[llvm-dev] Catching exceptions while unwinding through -fno-exceptions code

Everett Maus via llvm-dev llvm-dev at lists.llvm.org
Wed Dec 9 15:51:17 PST 2020


>
> It depends on the amount of functionality here and how language specific
> this is. As it stands I don’t think this is C++ specific and could extend
> to other llvm language targets which makes it a better candidate with
> compiler-rt.
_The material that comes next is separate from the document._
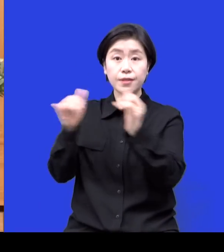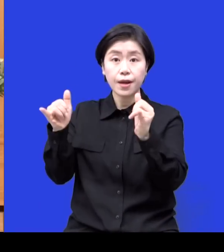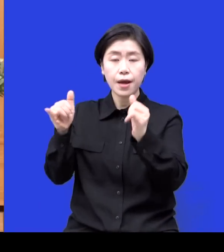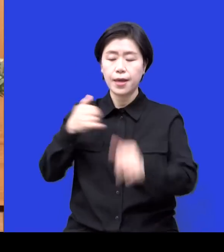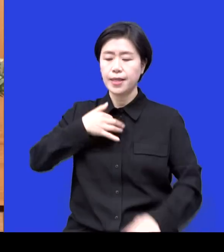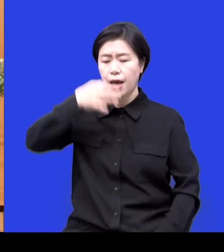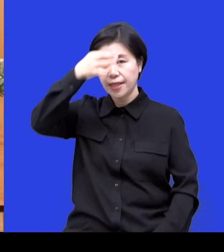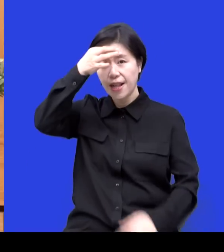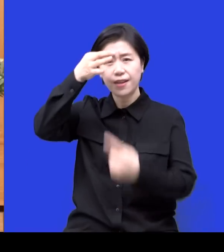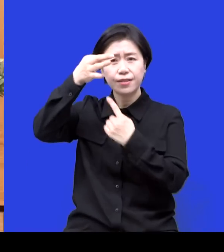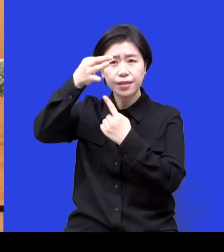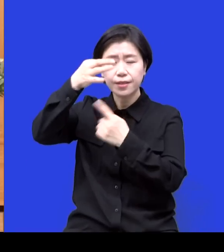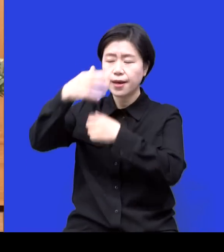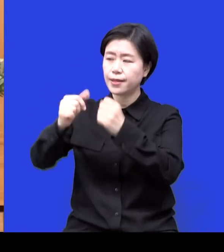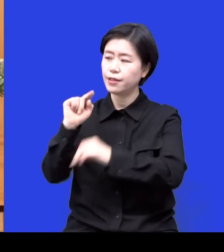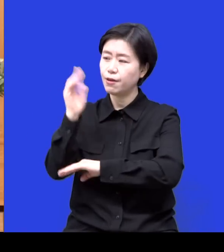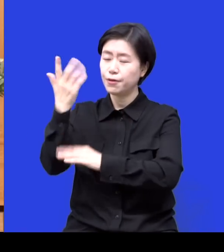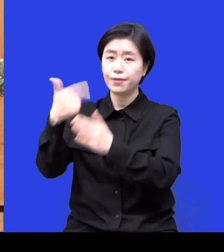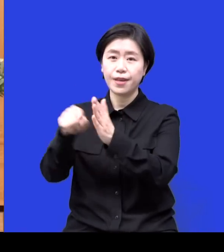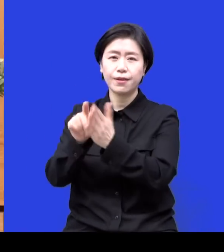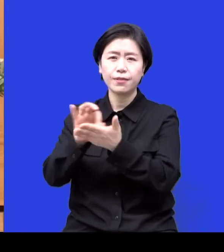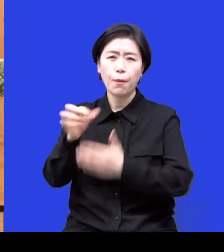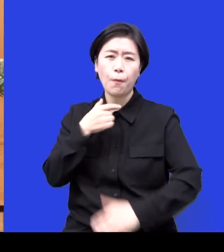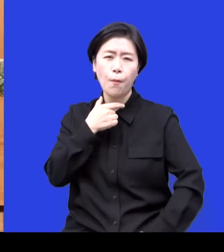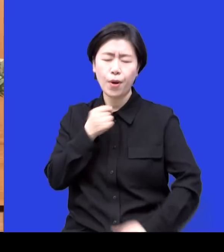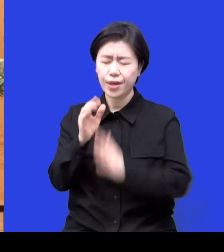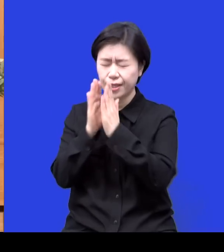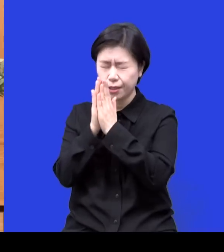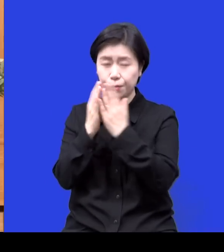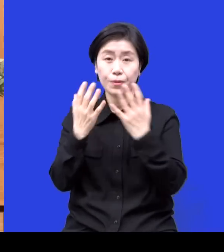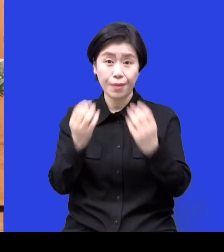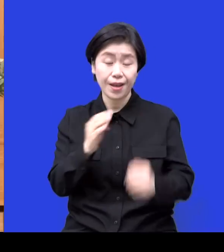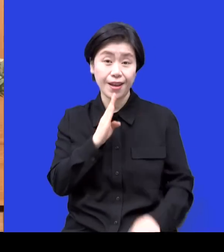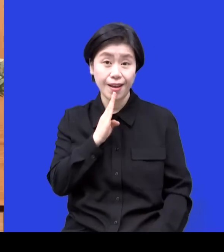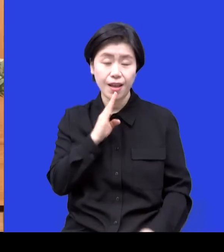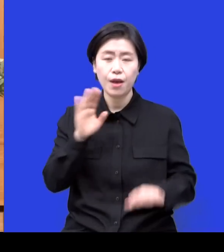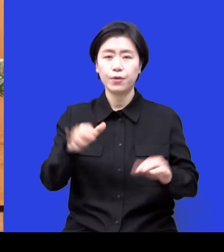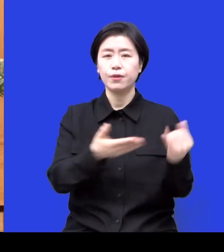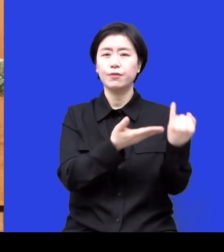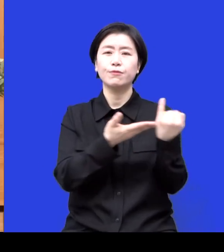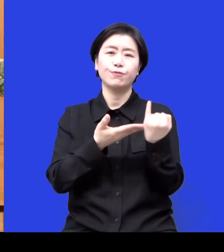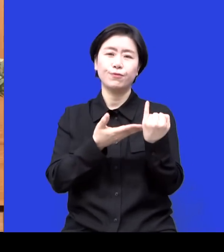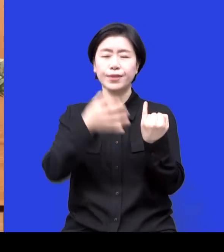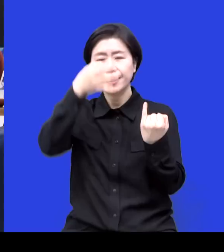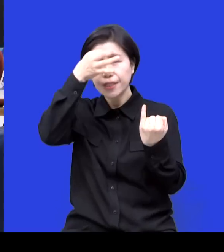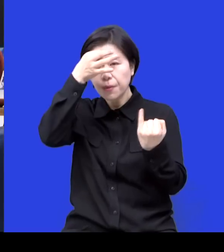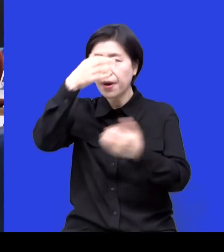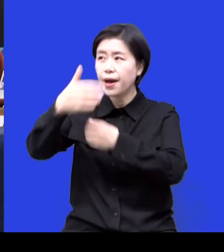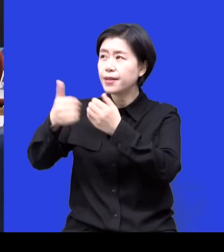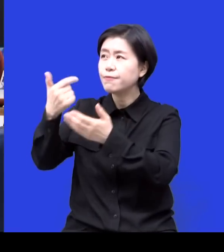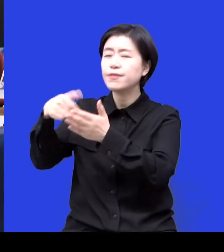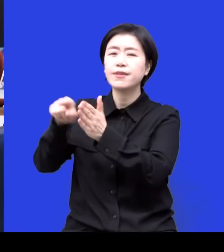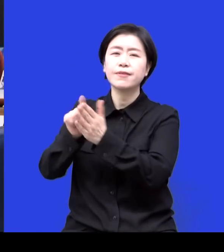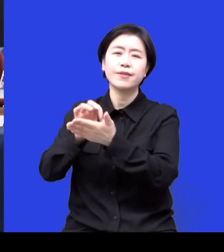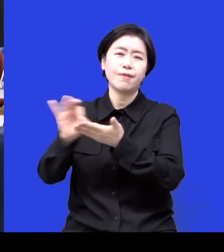하나님의 영광을 위해 사용하게 해달라고 기도를 많이 올리는데요 오늘 모실 분이 바로 그렇게 쓰임받고 있다고 합니다 보호 종료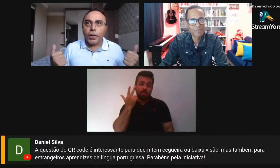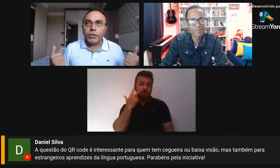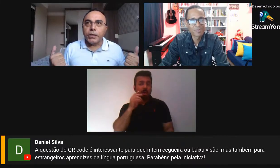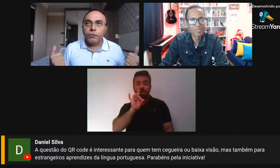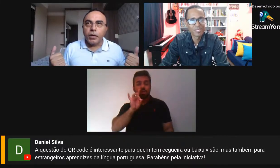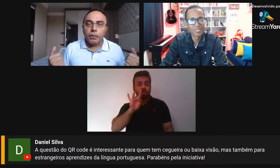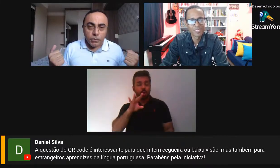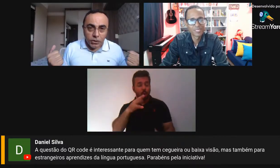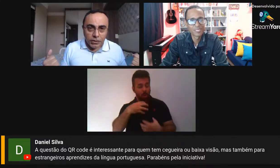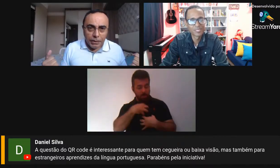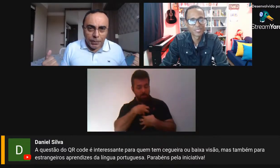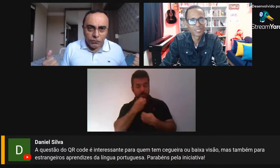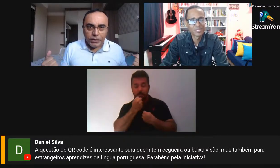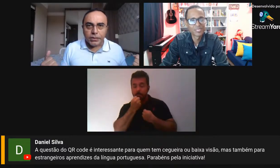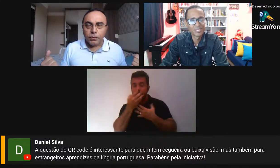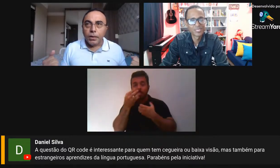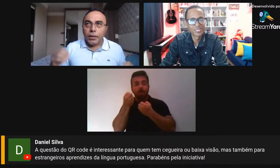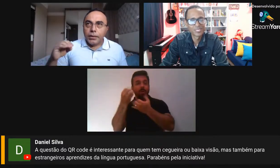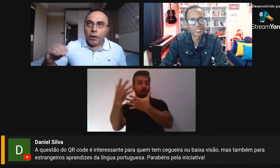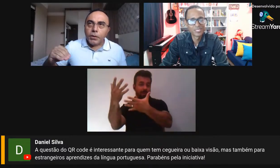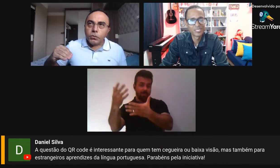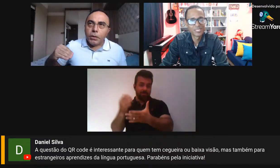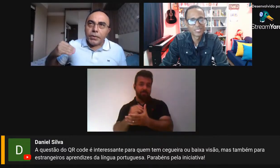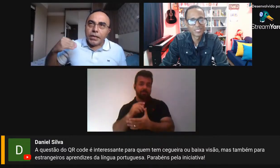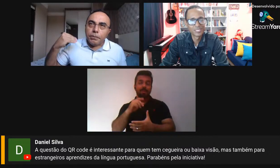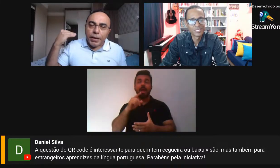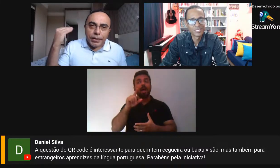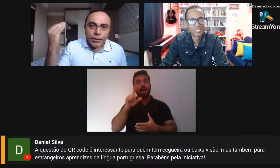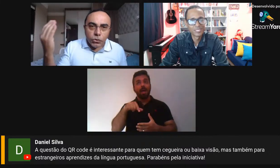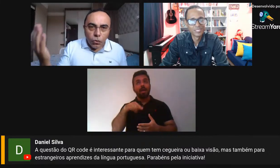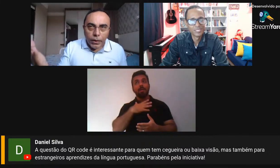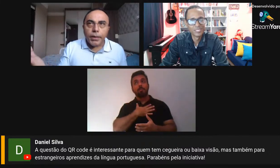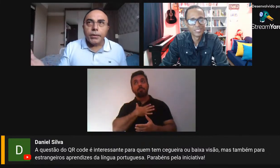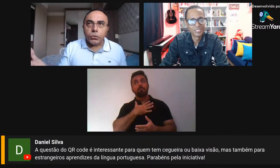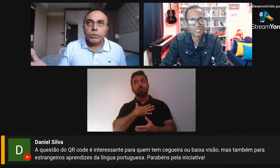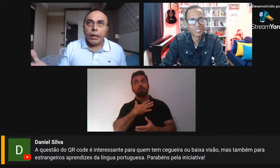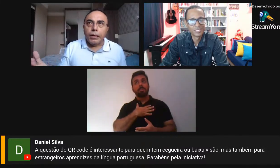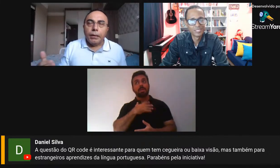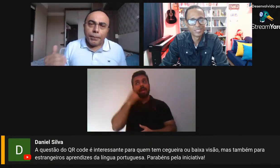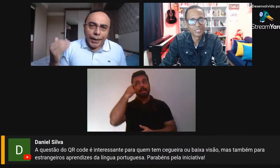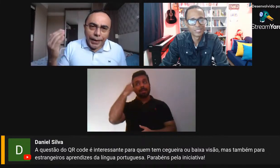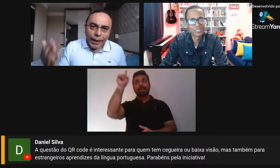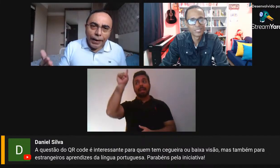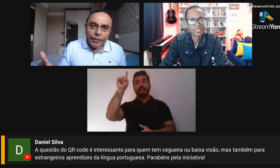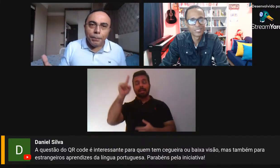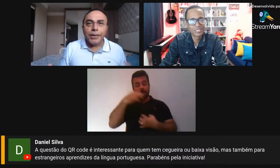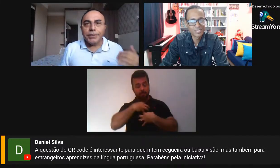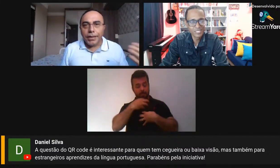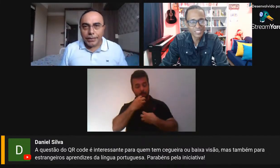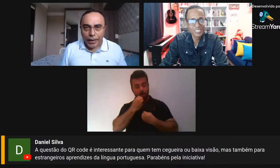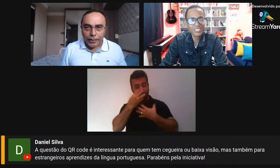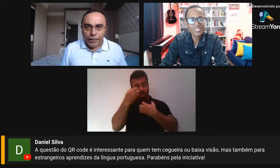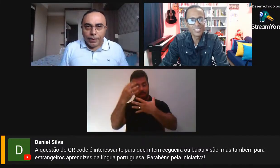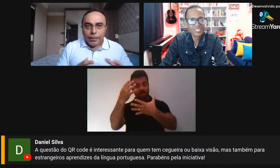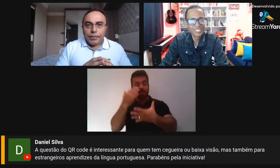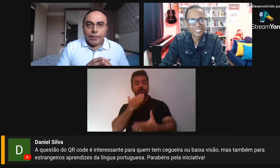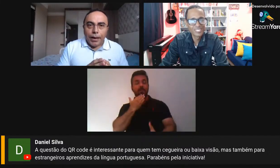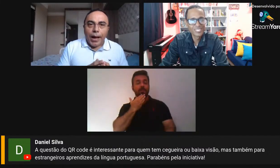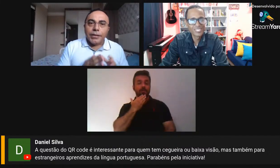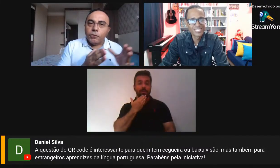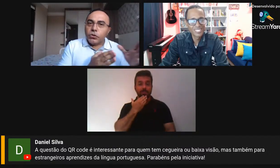noção de poética da imperfeição. E, ao mesmo tempo, essa liberdade de correr riscos, para errar e para acertar.

It would be good to flesh out what behavior you want out of
> the personality function then go from there.
>

That makes sense.

I think there's one "must have" behavior and a few "very nice-to-have but
not required" behaviors.

The "must have" for the handler would be "it terminates the program when an
exception passes through code compiled with -fno-exceptions, hopefully in a
way that can be easily identified as different from a normal/healthy
program exit".

The nice-to-have list is probably longer:
1. Printing the exception type that was thrown
2. Recovering the place the exception was thrown /from/ and printing the
function name & offset.
3. Printing the function name that the unwinder reached that led to it
exiting.
4. (Extra fancy/pie in the sky "what I'd want if I were debugging this
situation"): printing the full demangled stack to the location the
exception was thrown from or the method that led to the exit.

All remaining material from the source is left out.